[Recorded information — start]
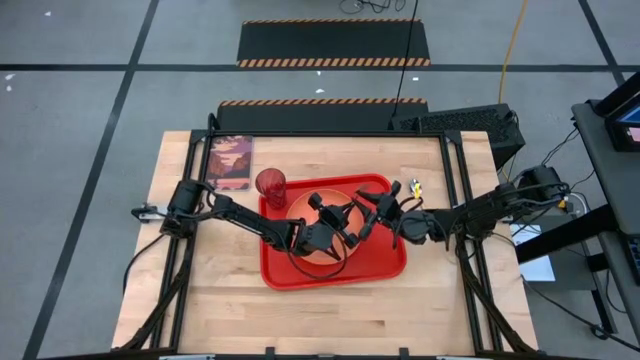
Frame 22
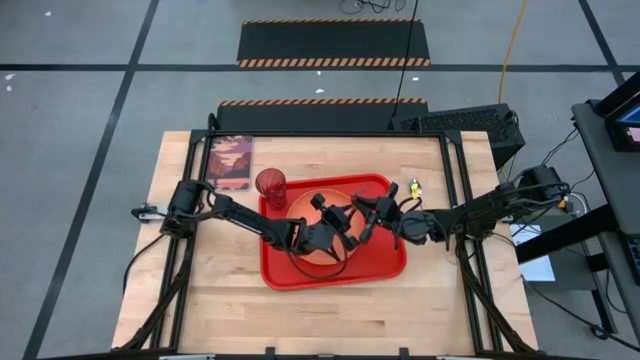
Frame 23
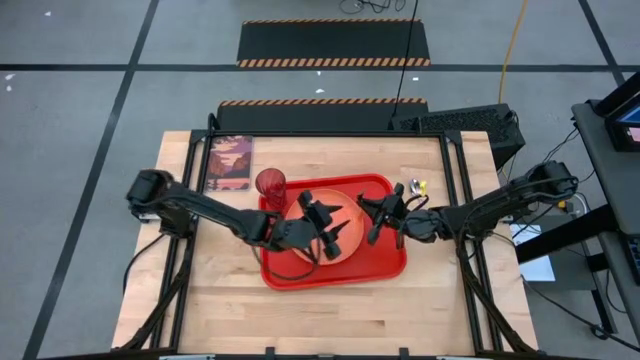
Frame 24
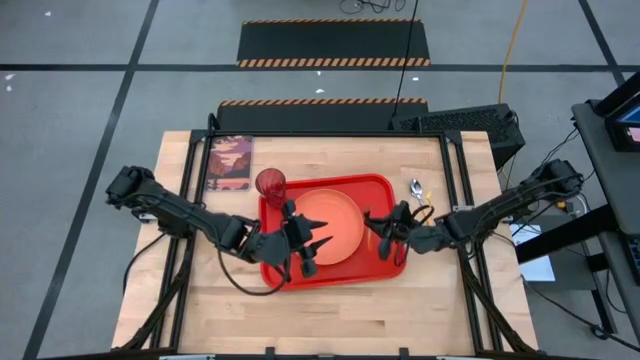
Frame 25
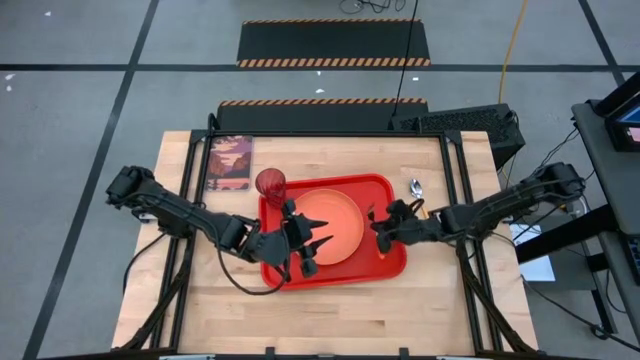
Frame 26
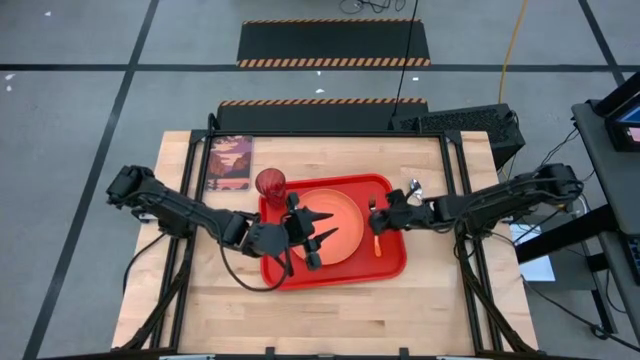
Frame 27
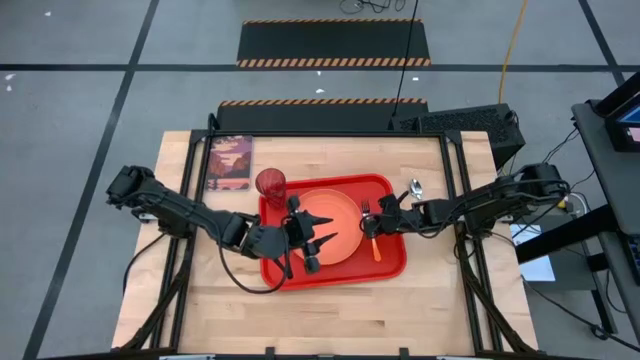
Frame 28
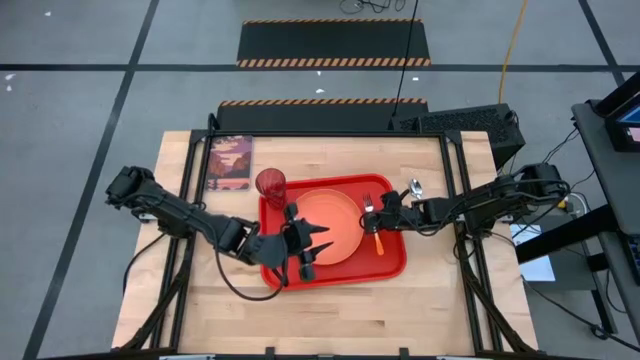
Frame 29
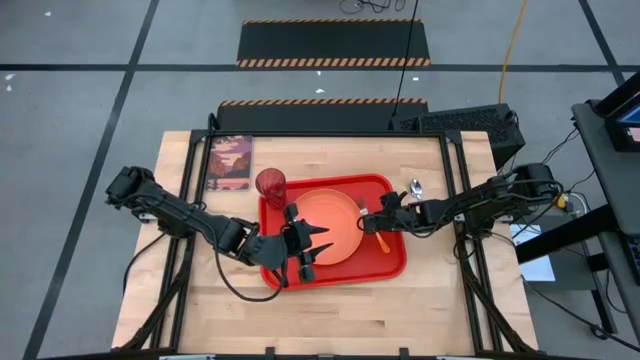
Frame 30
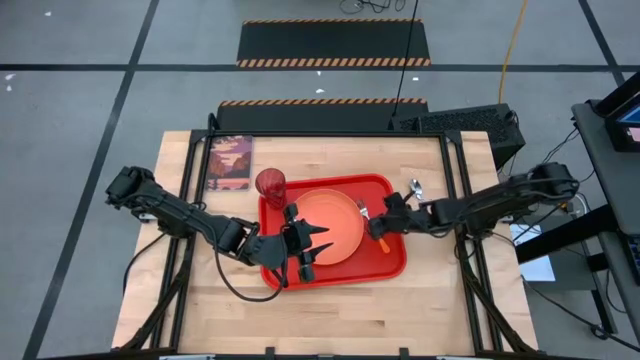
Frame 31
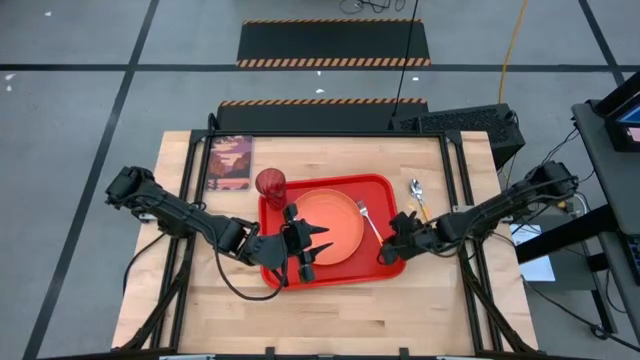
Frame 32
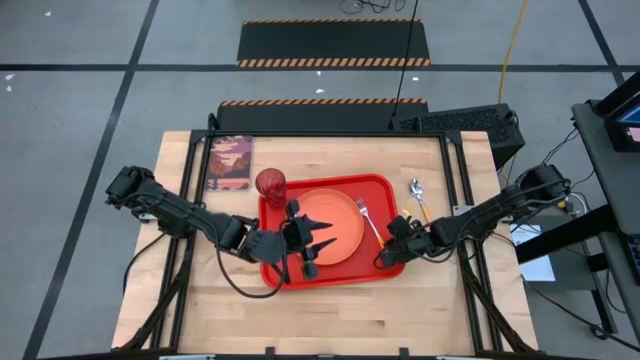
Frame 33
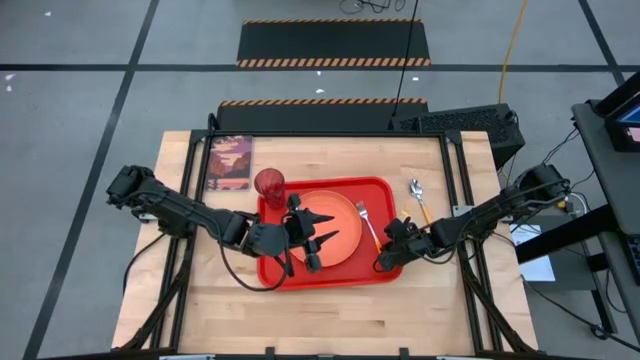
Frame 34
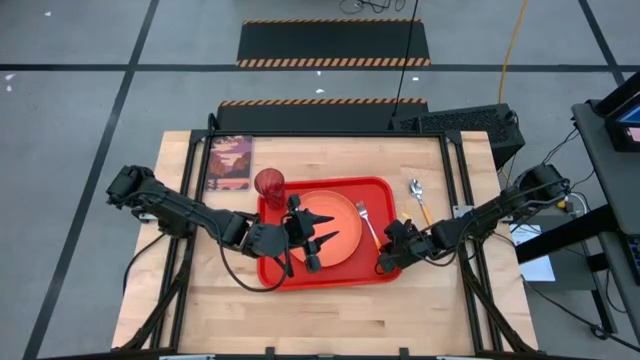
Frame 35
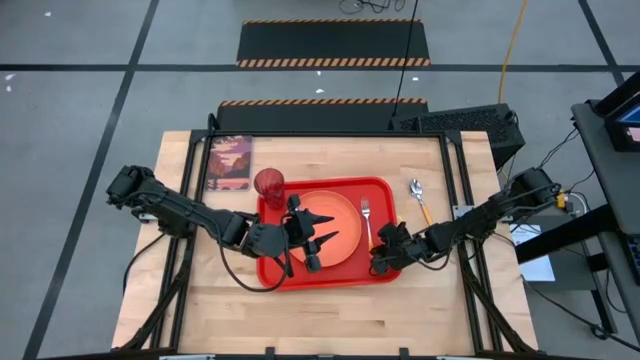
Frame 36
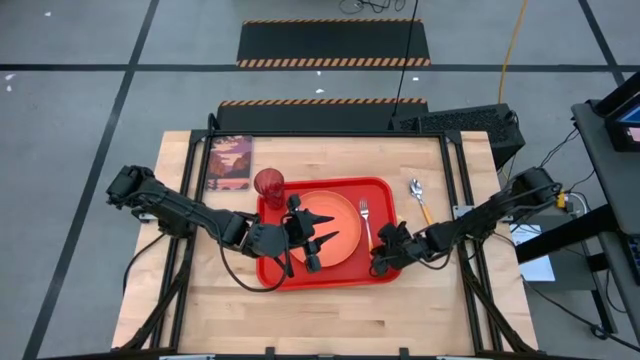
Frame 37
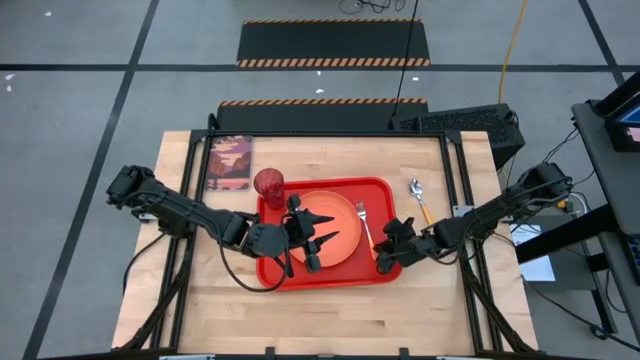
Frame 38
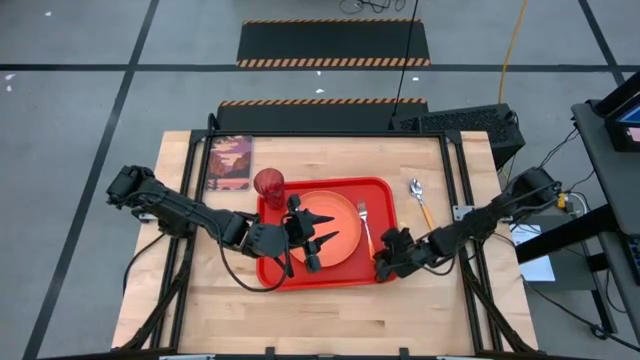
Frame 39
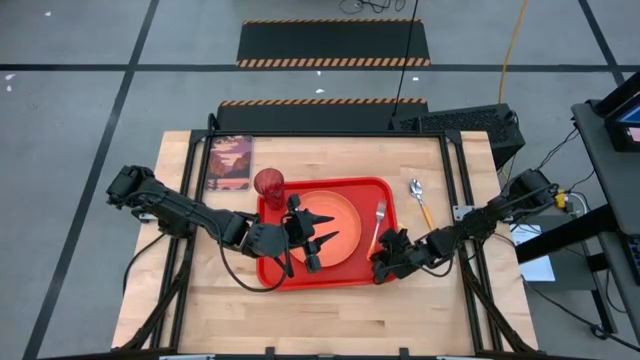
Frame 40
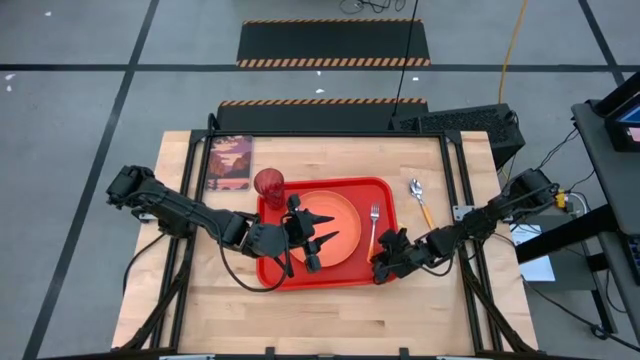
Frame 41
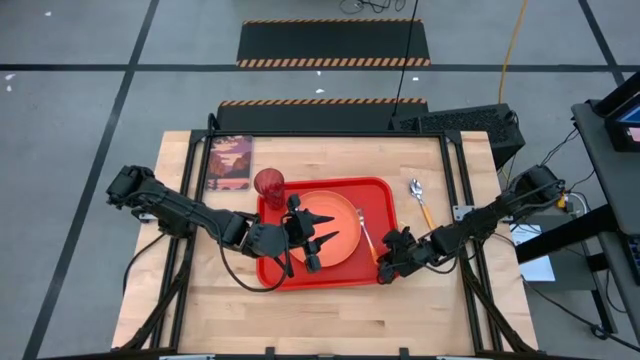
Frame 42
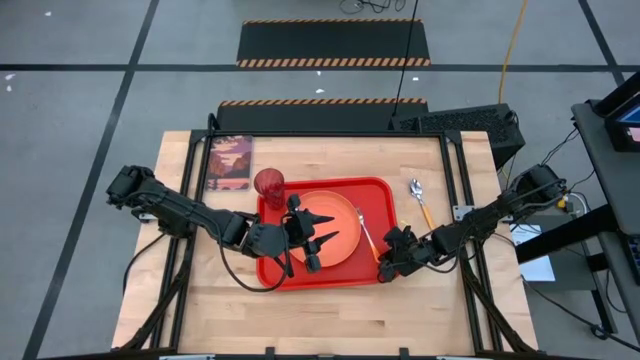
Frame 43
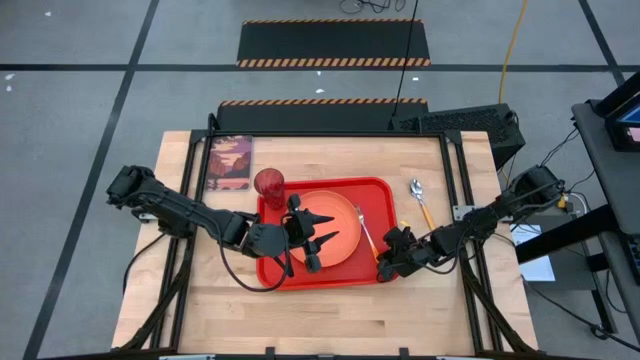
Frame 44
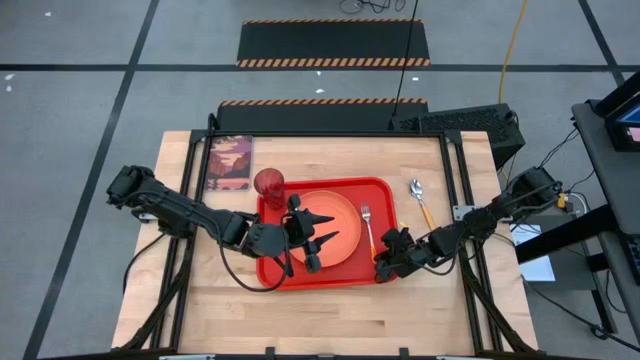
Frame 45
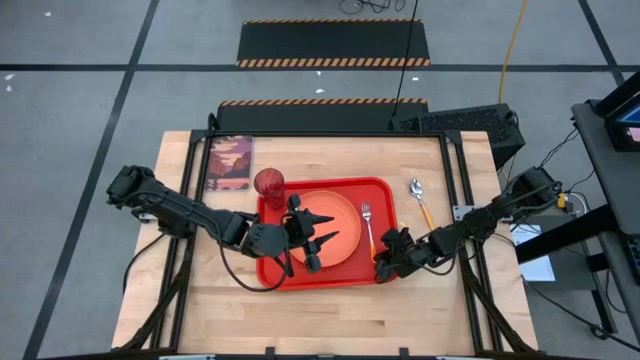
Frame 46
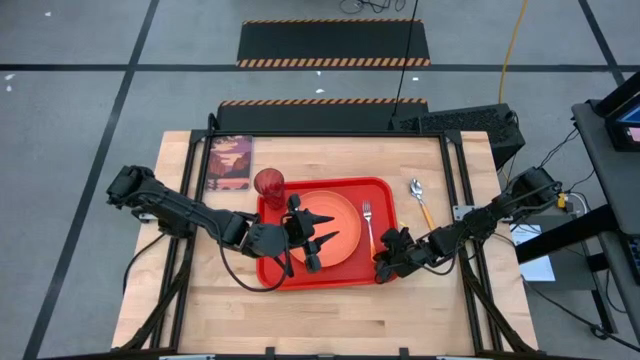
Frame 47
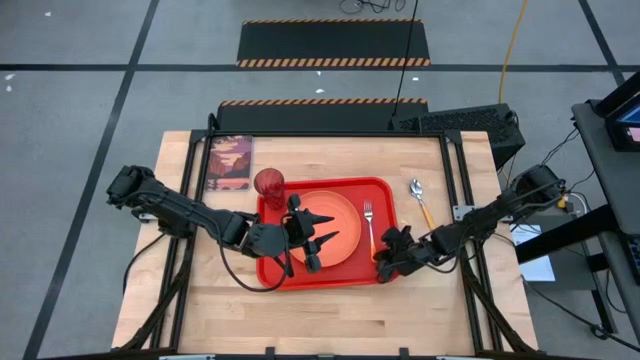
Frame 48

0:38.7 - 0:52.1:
Task: Pick and place plate/cup/fork/spoon on tray
Put the white orange fork on the right side of the orange plate
[Recorded information — finish]
▶ [Work instructions]:
Please output the entries above exactly, leaving out every picture.

▶ [Answer below]:
Frame 22
Frame 23
Frame 24
Frame 25
Frame 26
Frame 27
Frame 28
Frame 29
Frame 30
Frame 31
Frame 32
Frame 33
Frame 34
Frame 35
Frame 36
Frame 37
Frame 38
Frame 39
Frame 40
Frame 41
Frame 42
Frame 43
Frame 44
Frame 45
Frame 46
Frame 47
Frame 48

0:38.7 - 0:52.1:
Task: Pick and place plate/cup/fork/spoon on tray
Put the white orange fork on the right side of the orange plate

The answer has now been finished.